Today, Microsoft, Apple, and Google announced plans to support a common passwordless sign-in standard (known as passkeys) developed by the World Wide Web Consortium (W3C) and the FIDO Alliance.
Once implemented, these new Web Authentication (WebAuthn) credentials (aka FIDO credentials) will allow the three tech giants’ users to log in to their accounts without using a password.
Instead of using passwords, they will have the option to opt for verifying their identity using PINs or biometric authentication (fingerprint or face).
“To sign into a website on your computer, you’ll just need your phone nearby and you’ll simply be prompted to unlock it for access,” said Sampath Srinivas, Google PM Director for Secure Authentication.
“Even if you lose your phone, your passkeys will securely sync to your new phone from cloud backup, allowing you to pick up right where your old device left off.”
The new capabilities should become available across leading platforms, devices, websites, and apps operated by Microsoft, Apple, and Google platforms over the coming year.
FIDO passkey sign in (FIDO Alliance)
“These multi-device FIDO credentials, sometimes referred to as passkeys, represent a monumental step toward a world without passwords,” added Microsoft Identity Division Vice President Alex Simons.

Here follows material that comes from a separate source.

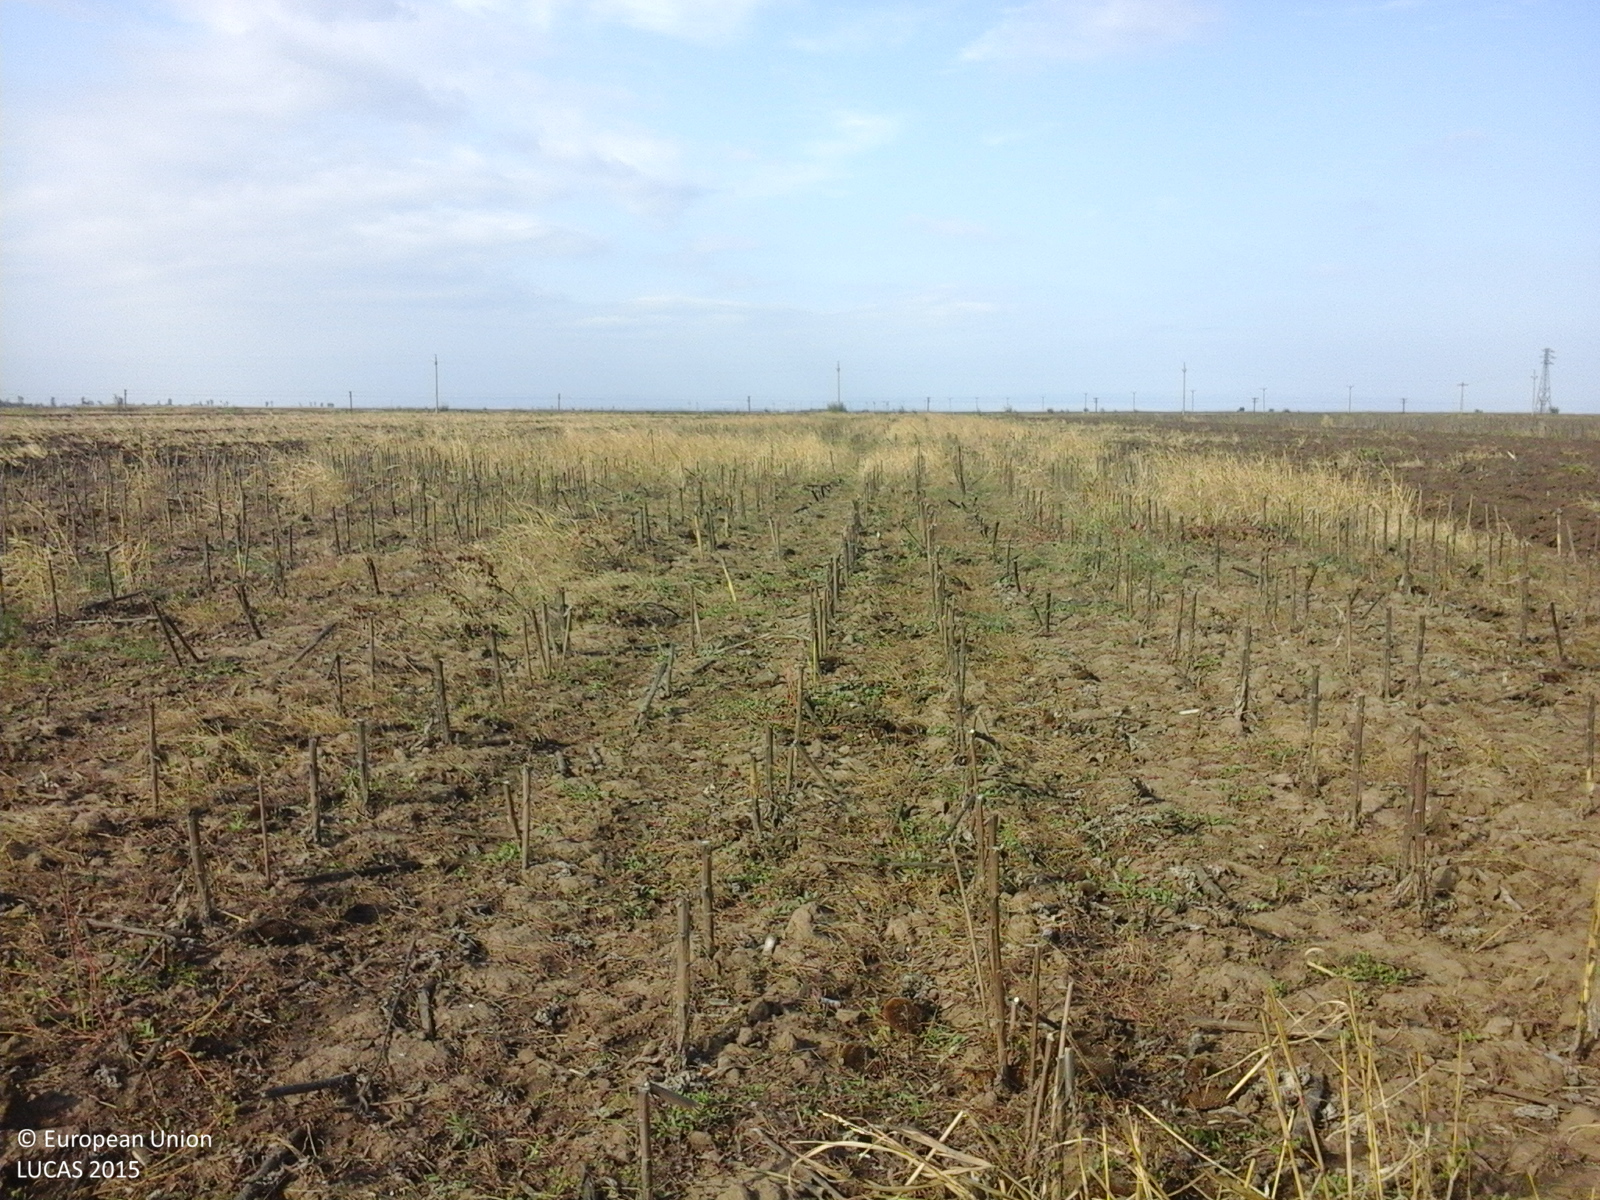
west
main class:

When available, passkeys will remove the requirement of having to sign in to each app or website on every device, adding additional capabilities for more seamless passwordless sign-ins:
- Users can automatically access their passkeys on many of their devices without having to re-enroll for each account.
- With passkeys on your mobile device, you can sign in to an app or service on nearly any device, regardless of the platform or browser the device is running.

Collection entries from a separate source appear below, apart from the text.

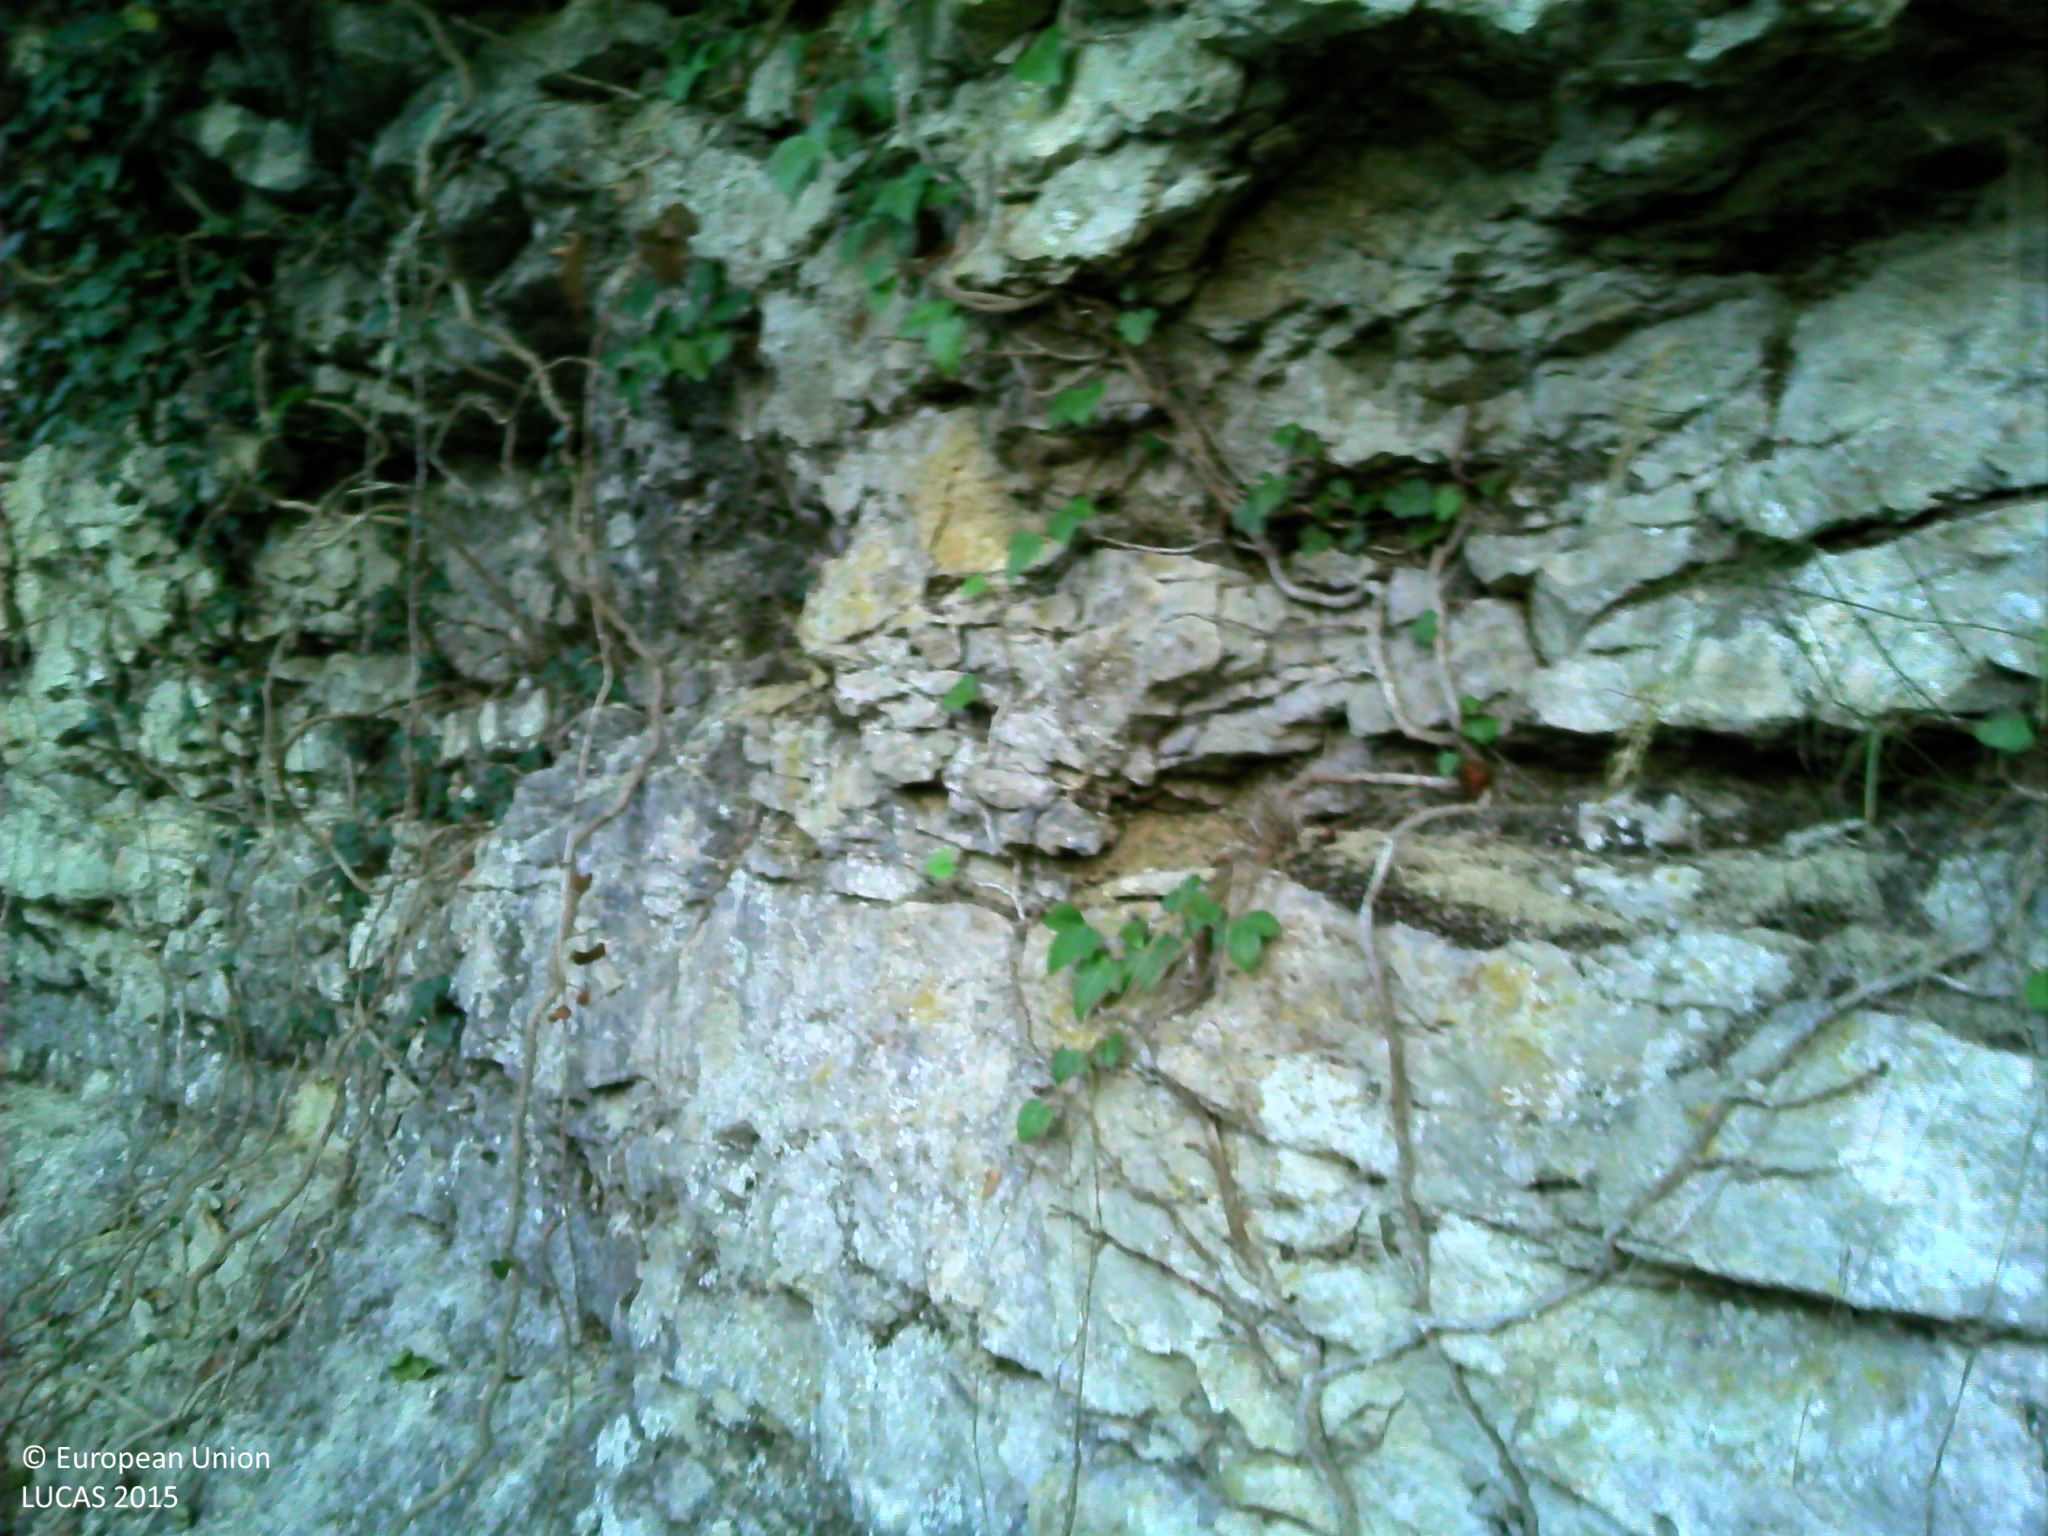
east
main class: Woodland
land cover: Broadleaved woodland
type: mesophytic deciduous forest
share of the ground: > 75 %
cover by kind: broadleaved forest trees 90 %, shrubs 5 %, herbaceous plants 5 %
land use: Forestry
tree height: > 5 m
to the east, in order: Broadleaved woodland; Rock outcrops; Broadleaved woodland
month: September
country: FR
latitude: 47.3145
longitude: 6.8667

Moving away from using passwords to sign into accounts will make the web more secure since they’re the most common point of entry used by attackers to hijack online identities.
As Vasu Jakkal, Microsoft’s Corporate Vice President, Security, Compliance, Identity, and Management, revealed today, “there are 921 password attacks every second—nearly doubling in frequency over the past 12 months.”
Passwordless sign-in push
Of the three companies, Microsoft has been pushing for passwordless sign-ins across many of its platforms and services for several years now.
In December 2020, Microsoft reported that over 150 million users logged into their Azure Active Directory and Microsoft accounts without using passwords.
The company began rolling out passwordless login support for all Microsoft accounts in September, allowing its customers to log into their Microsoft accounts without using a password.
In October, the Microsoft Detection and Response Team (DART) said it detected an increase in password spray attacks targeting privileged cloud accounts and high-profile identities.
One year before, Simons revealed that password spray attacks were among the most popular authentication attacks, as they were behind over a third of enterprise account compromises.
“I applaud the commitment of our private sector partners to open standards that add flexibility for the service providers and a better user experience for customers,” said CISA Director Jen Easterly.
“Today is an important milestone in the security journey to encourage built-in security best practices and help us move beyond passwords.”